● WHAT TO WORK ON
Could you repeat the records shown below exactly as written?
(Beginning of EXERCISE DATA)
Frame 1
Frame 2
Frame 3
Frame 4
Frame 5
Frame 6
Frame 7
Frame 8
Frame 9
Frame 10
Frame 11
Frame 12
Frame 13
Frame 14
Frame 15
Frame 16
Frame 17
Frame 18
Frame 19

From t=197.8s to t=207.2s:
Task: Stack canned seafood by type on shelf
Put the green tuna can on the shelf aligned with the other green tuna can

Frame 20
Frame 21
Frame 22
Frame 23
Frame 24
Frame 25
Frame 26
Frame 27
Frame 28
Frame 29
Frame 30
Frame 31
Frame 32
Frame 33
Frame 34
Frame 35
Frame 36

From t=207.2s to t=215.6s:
(End of EXERCISE DATA)
● RESULT FOR THIS EXERCISE
Frame 1
Frame 2
Frame 3
Frame 4
Frame 5
Frame 6
Frame 7
Frame 8
Frame 9
Frame 10
Frame 11
Frame 12
Frame 13
Frame 14
Frame 15
Frame 16
Frame 17
Frame 18
Frame 19

From t=197.8s to t=207.2s:
Task: Stack canned seafood by type on shelf
Put the green tuna can on the shelf aligned with the other green tuna can

Frame 20
Frame 21
Frame 22
Frame 23
Frame 24
Frame 25
Frame 26
Frame 27
Frame 28
Frame 29
Frame 30
Frame 31
Frame 32
Frame 33
Frame 34
Frame 35
Frame 36

From t=207.2s to t=215.6s:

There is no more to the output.